Analysis of mineral elements content in the seeds of rice subjected to chilling stress revealed that phosphorus (P, 3,253 mg/kg) and potassium (K, 2,485 mg/kg) content were highest while strontium (Sr, 0.26 mg/kg) and boron (B, 0.34 mg/kg) were lowest among the 17 mineral elements. Similarly, the correlation analysis revealed extremely positive correlation of copper (Cu) and phosphorus (P) with most of the morphological traits. Similar results were reported by Bolland and Baker (1988) in which it is concluded that amount of P in the seed was positively related to the yields of annual pasture legumes. Similarly, a high content of P favored the early development of wheat seedlings as compared to plants grown at low concentration of P (Liao et al., 2008). Among the physical attributes, the effective ear and the second leaf length showed strong correlation with half of the mineral elements content. Therefore, it is preliminary concluded from the cultivation process of near isogenic lines and the distribution of calcium, iron, and zinc in the near isogenic line population, that the test population meets the requirements of brown rice high calcium, high iron, and high zinc content therefore further processed for QTL analysis. The distribution of calcium, iron and zinc in the population indicated that these elements were higher in offspring than the parental line.
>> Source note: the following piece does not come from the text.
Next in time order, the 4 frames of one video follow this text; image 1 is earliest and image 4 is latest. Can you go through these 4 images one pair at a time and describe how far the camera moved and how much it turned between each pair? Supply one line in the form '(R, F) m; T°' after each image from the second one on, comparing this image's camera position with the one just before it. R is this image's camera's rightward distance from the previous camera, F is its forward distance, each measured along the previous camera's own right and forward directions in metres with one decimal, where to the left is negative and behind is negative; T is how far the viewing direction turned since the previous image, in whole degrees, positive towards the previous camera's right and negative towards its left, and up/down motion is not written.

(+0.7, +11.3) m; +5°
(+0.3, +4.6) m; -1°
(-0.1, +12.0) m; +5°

Moreover, all other elements showed positive correlation except Ca and Sn as reported earlier (Garcia-Oliveira et al., 2009). Approximately, 54% of the population of the brown rice showed more zinc content than Lijing2 while 37% of the brown rice had more iron and calcium content than Lijing2 indicating that the three elements are controlled by multiple genes in brown rice and there is an additive effect, which is consistent with the previous work (Pfeiffer and McClafferty, 2007; White and Brown, 2010).
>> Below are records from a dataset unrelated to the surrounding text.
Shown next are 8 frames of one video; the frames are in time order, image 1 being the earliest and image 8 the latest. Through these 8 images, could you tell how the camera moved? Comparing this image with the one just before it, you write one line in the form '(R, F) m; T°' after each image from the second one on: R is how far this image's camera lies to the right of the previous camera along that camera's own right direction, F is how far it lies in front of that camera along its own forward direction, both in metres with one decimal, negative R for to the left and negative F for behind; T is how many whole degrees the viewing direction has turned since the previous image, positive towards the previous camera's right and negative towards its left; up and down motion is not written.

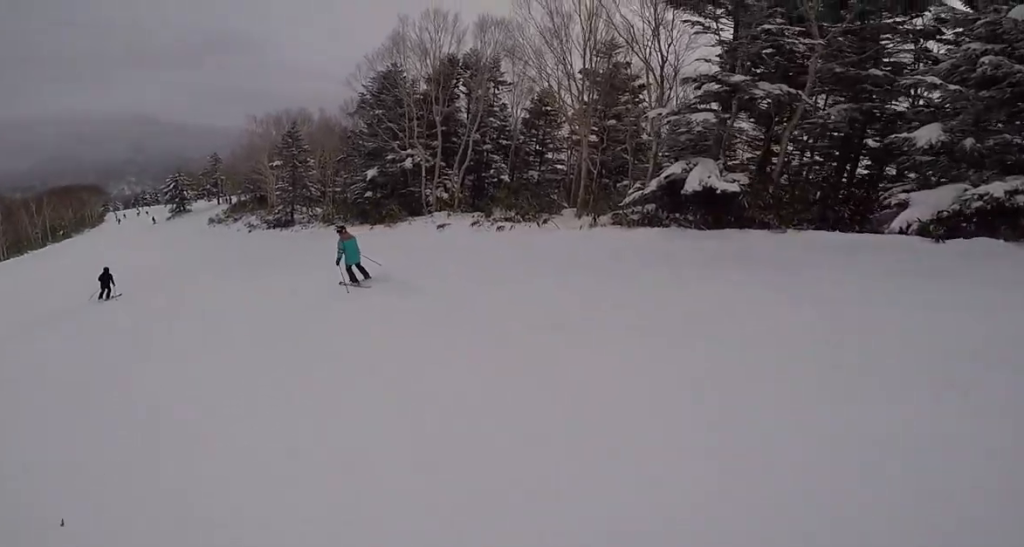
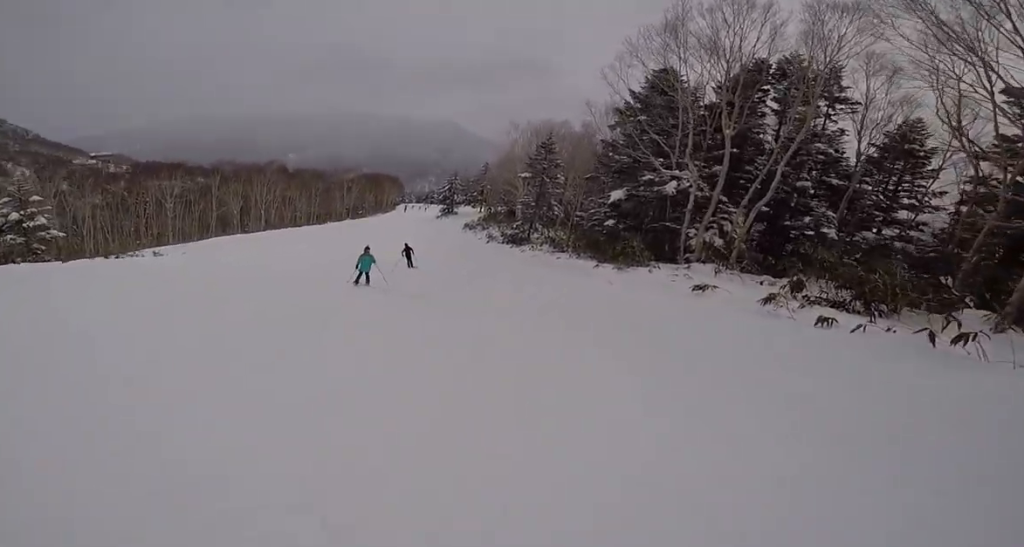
(-1.6, +6.8) m; -29°
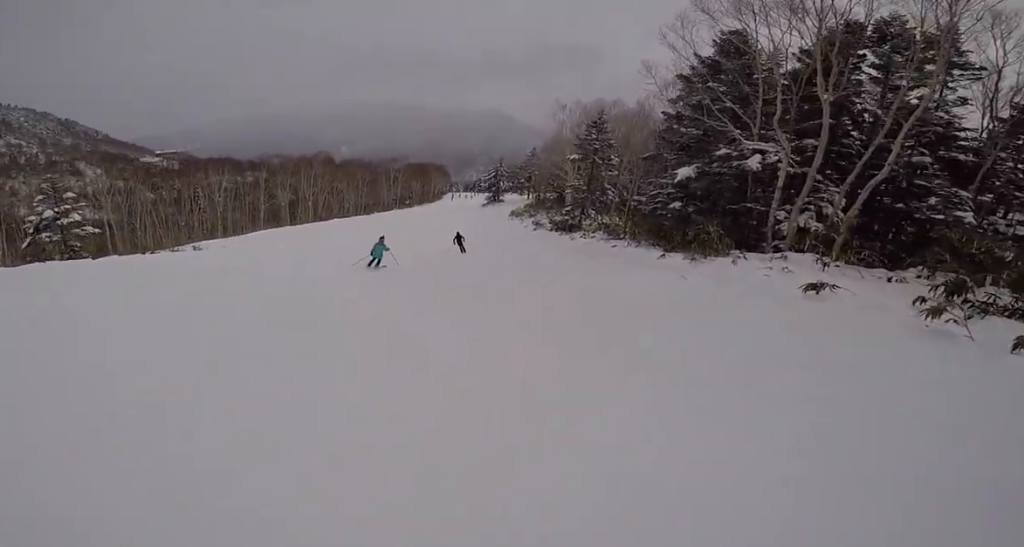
(-0.5, +2.6) m; -1°
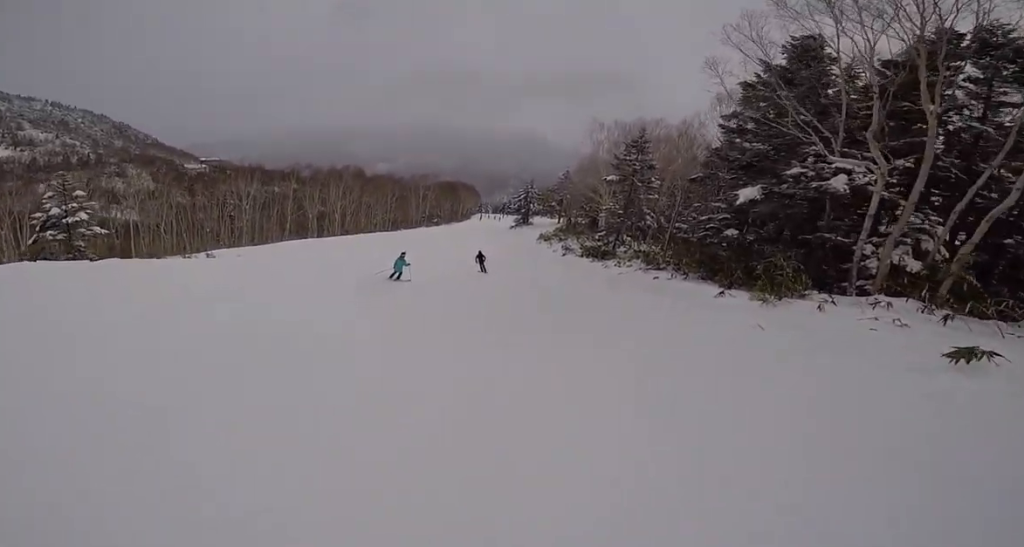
(-0.4, +2.3) m; -1°
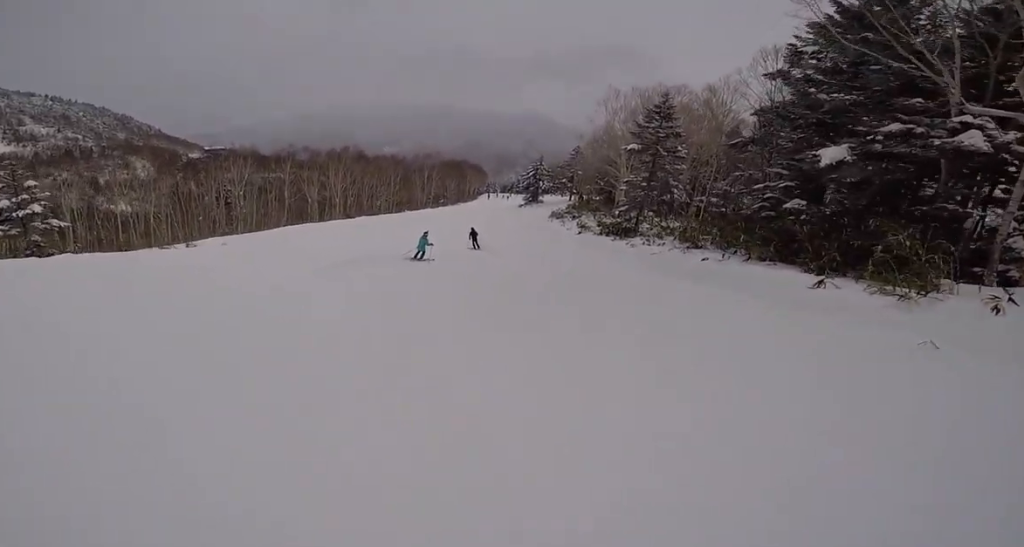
(+0.3, +3.3) m; -2°
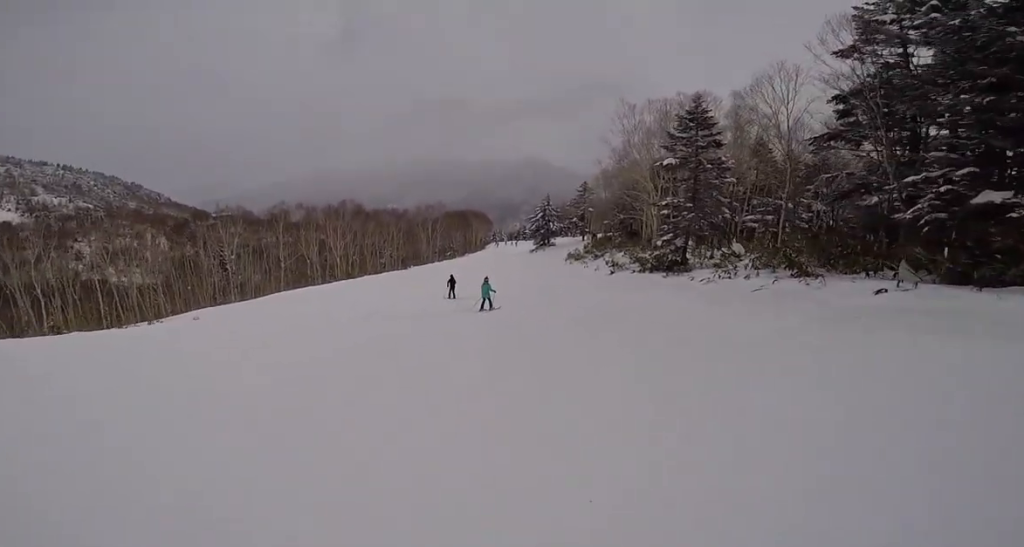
(+0.4, +5.2) m; -2°
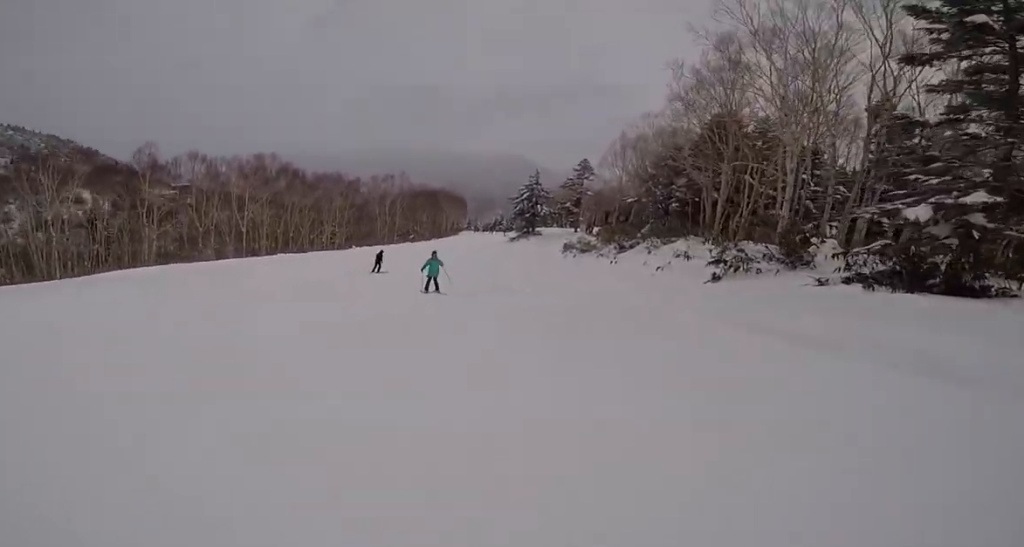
(+0.1, +15.5) m; -2°
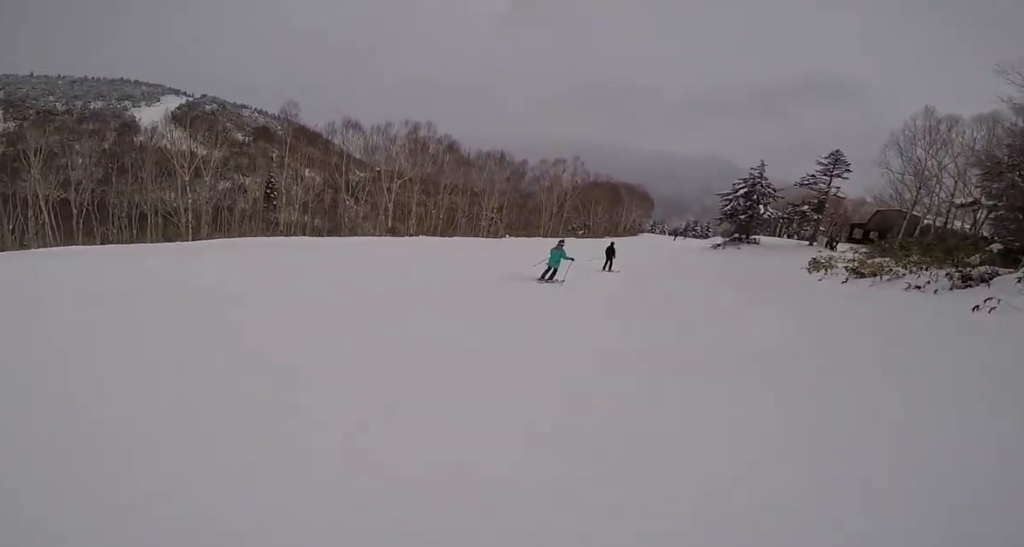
(-1.3, +9.2) m; -8°

Increasing the cold tolerance at the booting stage of rice can increase the yield of rice, but whether this will reduce the content of beneficial elements in rice has not been reported and only mineral elements were analyzed in the core collection of Yunnan (Zeng et al., 2010). However, correlation between morphological trait and found some elements revealed that elemental content and morphological traits were mostly negatively (Xihong et al., 2008) and the same results were obtained in this study. It is speculated that this may be related to the mechanism of elemental absorption. The agronomic traits become taller, and the anther length, ear length and leaf length are larger or wider, which means that the accumulation of elements in these organs increases, while the accumulation concentration in the grain is relatively reduced, and thus the content is relatively low. Understanding the correlation between mineral elements in brown rice has an auxiliary effect on the selection of high-mineral rice varieties of brown rice. The analysis showed high significant correlation up to 16 elements, while the least is only seven as reporter before (Zeng Y. W. et al., 2009; Huang et al., 2015; Yao et al., 2020). The antagonism or promotion of mineral elements in absorption has been confirmed in rice, such as Fe inhibits Cu and Mn absorption while it promotes Zn absorption, and Zn inhibits Cr absorption (Sasaki et al., 2016). Therefore, when performing correlation analysis between mineral elements, simple correlation and partial correlation should be analyzed simultaneously. By analyzing the simple correlation and partial correlation between the three elements of calcium, iron and zinc in brown rice and other elements manifested that the change of iron elements is relatively simple, however changes in accumulation of calcium and zinc elements are more complicated (Shao et al., 2007; Stangoulis et al., 2007).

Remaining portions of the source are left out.